PS: Using 17.1.2 and it's great so far.

Thanks and best regards,

    Space

Hi,

I can confirm that it's working after applying the patch with removed workaround.

Thanks and best regards,

    Jochen

Correction: workaround is too simple to wait ... I added the key and it works.

Thanks and best regards,

   Jochen

Hi Ad,

I had checked that thread but obviously missed the solution ... ok, it's not urgent for me so I will probably wait for the next release.

Thanks and best regards,

   Jochen

Hi,

I have been using IPsec to connect some Android devices via VPN to my intranet and this worked fine with 16.7.4. But after the update it does not work any more. In the log file I see errors like these:

Code Select Expand

Oct 1 11:14:30 charon: 13[IKE] no shared key found for '192.168.21.1'[192.168.21.1] - 'user@spacenet'[192.168.21.102]
Oct 1 11:14:30 charon: 13[IKE] <con1|33> no shared key found for '192.168.21.1'[192.168.21.1] - 'intra@spacenet'[192.168.21.102]
Oct 1 11:14:30 charon: 13[CFG] selected peer config "con1"

But in Phase 1 Proposal a PSK is configured. I have not touched the IPsec config inbetween. Any idea what might cause this?

Thanks and best regards,

    Jochen

Hi,

The other setup issue is using a bridged interface, which doesn't work for IPS because it requires real NIC driver to attach to.
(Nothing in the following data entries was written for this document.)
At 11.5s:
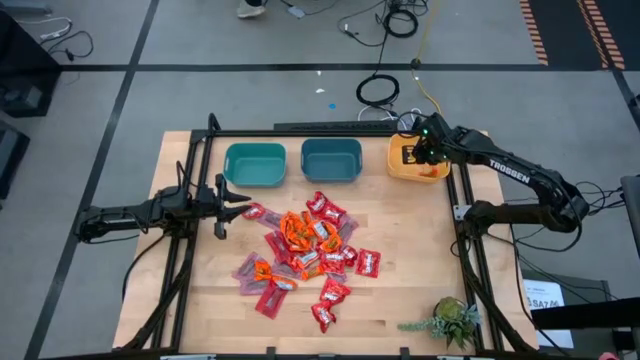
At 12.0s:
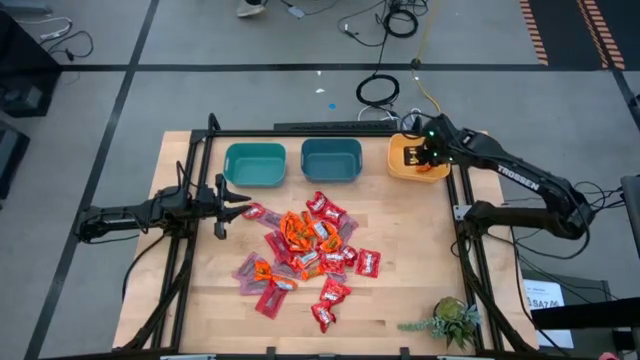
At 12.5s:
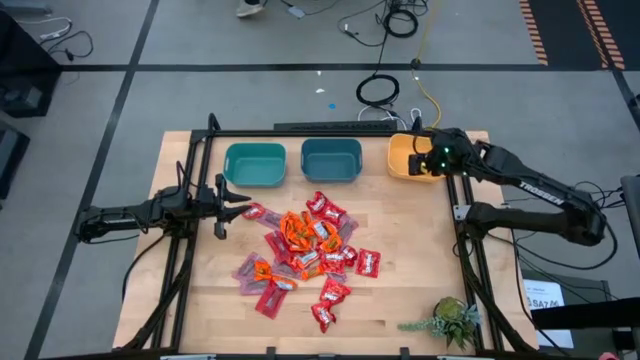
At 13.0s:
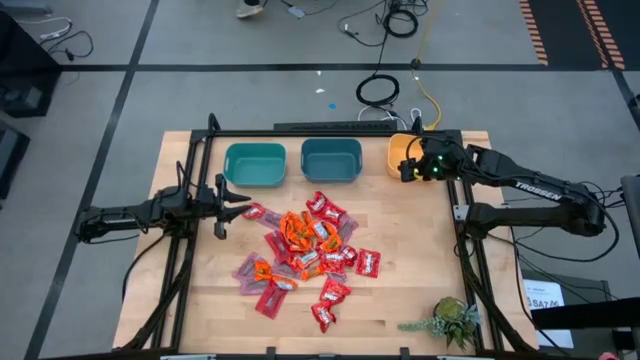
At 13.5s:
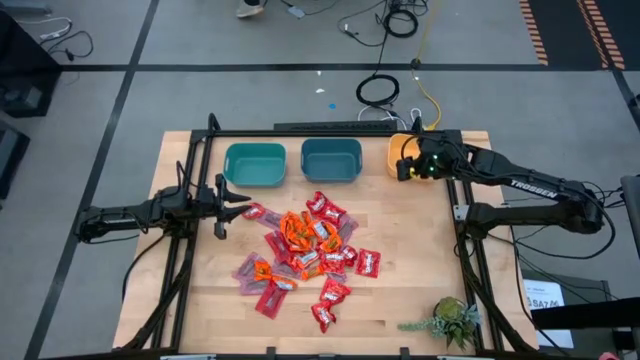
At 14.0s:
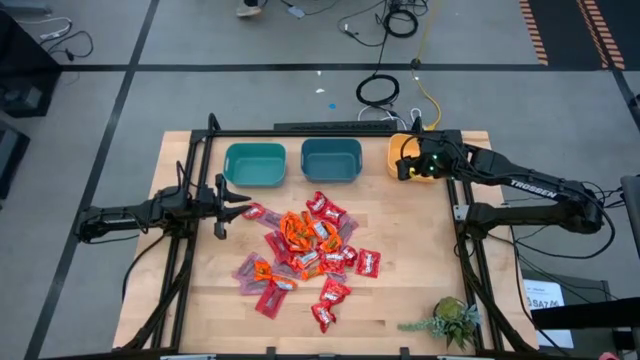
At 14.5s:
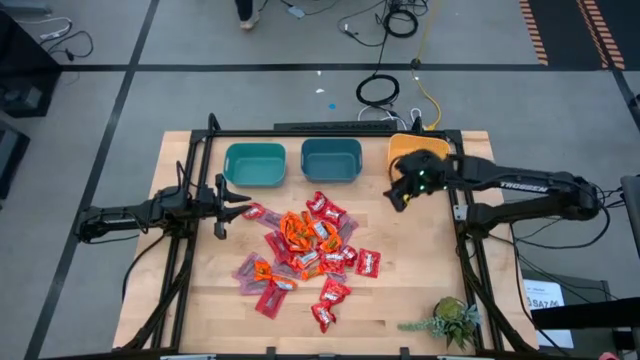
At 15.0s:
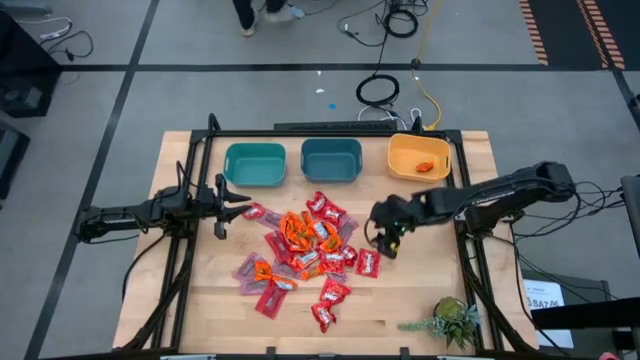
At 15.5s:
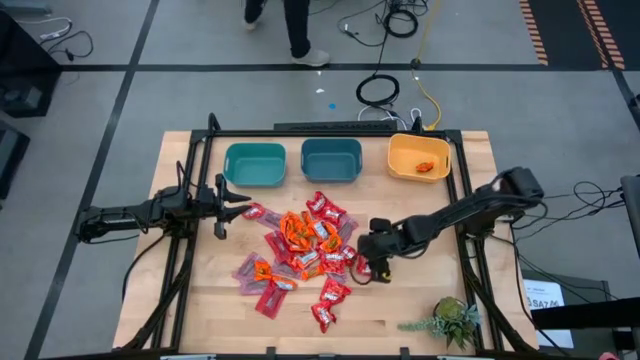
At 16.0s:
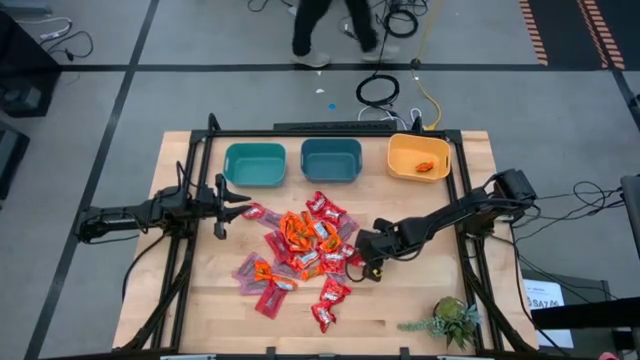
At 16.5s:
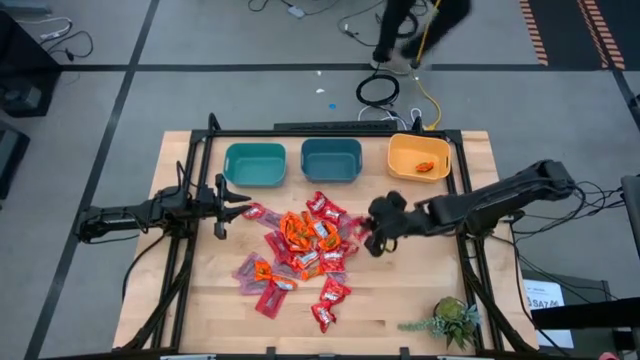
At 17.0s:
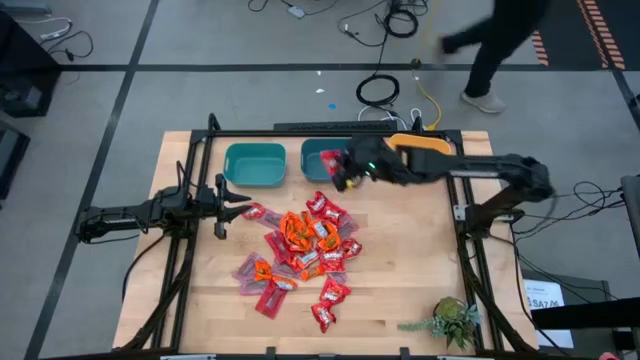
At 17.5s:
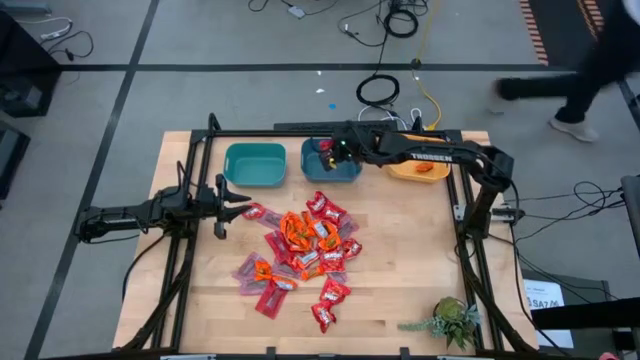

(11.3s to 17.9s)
Put the red candy into the blue bin

is IPS attaching to both interfaces (WAN/LAN) if enabled? Because I tried to setup OPNsense inside a VM (WAN: physical interface passed through into VM, LAN: bridged with host interface) and it did not work -- the VM crashed if I remember correctly. Is that caused by this?

Thanks,

   Space

Hi,

I took the simple road ... since this was the only host (so far) that is not reachable from the backend systems directly via https (maybe because of the high port + https combination) I just use the proxy of OPNsense to access it ... works fine ... Case closed :)

Best regards,

   Space

Hi,

ok, I am confused now ... I have run a trace on the Fritzbox (my  internet GW) and I do not see *any* traffic of this connection in the package trace ... could this issue be causes by some 6to4 tunnel that is used by my provider? Do I have to configure OPNsense differently then?

Thanks,

   Space

Hi,

it looks like this:

Code Select Expand

No. Time Source Destination Protocol Length Info
1 0 opnsense fritzbox TCP 94 47942  >  49214 [SYN] Seq=0 Win=28800 Len=0 MSS=1440 SACK_PERM=1 TSval=265396100 TSecr=0 WS=128
2 60522 fritzbox opnsense TCP 94 49214  >  47942 [SYN, ACK] Seq=0 Ack=1 Win=14280 Len=0 MSS=1440 SACK_PERM=1 TSval=26226420 TSecr=265396100 WS=16
3 60662 opnsense fritzbox TCP 86 47942  >  49214 [ACK] Seq=1 Ack=1 Win=28800 Len=0 TSval=265396118 TSecr=26226420
4 60989 opnsense fritzbox TCP 298 47942  >  49214 [PSH, ACK] Seq=1 Ack=1 Win=28800 Len=212 TSval=265396118 TSecr=26226420
5 100945 fritzbox opnsense TCP 86 49214  >  47942 [ACK] Seq=1 Ack=213 Win=15360 Len=0 TSval=26226426 TSecr=265396118
6 364398 fritzbox opnsense TCP 97 [TCP Previous segment not captured] 49214  >  47942 [PSH, ACK] Seq=1409 Ack=213 Win=15360 Len=11 TSval=26226451 TSecr=265396118
7 364582 opnsense fritzbox TCP 98 [TCP Window Update] 47942  >  49214 [ACK] Seq=213 Ack=1 Win=29952 Len=0 TSval=265396209 TSecr=26226426 SLE=1409 SRE=1420
8 10362150 opnsense fritzbox TCP 98 [TCP Keep-Alive] 47942  >  49214 [ACK] Seq=212 Ack=1 Win=29952 Len=0 TSval=265399209 TSecr=26226426 SLE=1409 SRE=1420
9 10406805 fritzbox opnsense TCP 86 [TCP Keep-Alive ACK] 49214  >  47942 [ACK] Seq=1420 Ack=213 Win=15360 Len=0 TSval=26227456 TSecr=265396209

The connection is setup but then nothing happens...

Best regards,

   Space

Hi fabian,

no, the default pass rules for LAN are available both for IPv4 and IPv6. Also strange is that e.g. https://ipv6.google.com works just fine. There are no entries in FW log and no entries in IDS alerts.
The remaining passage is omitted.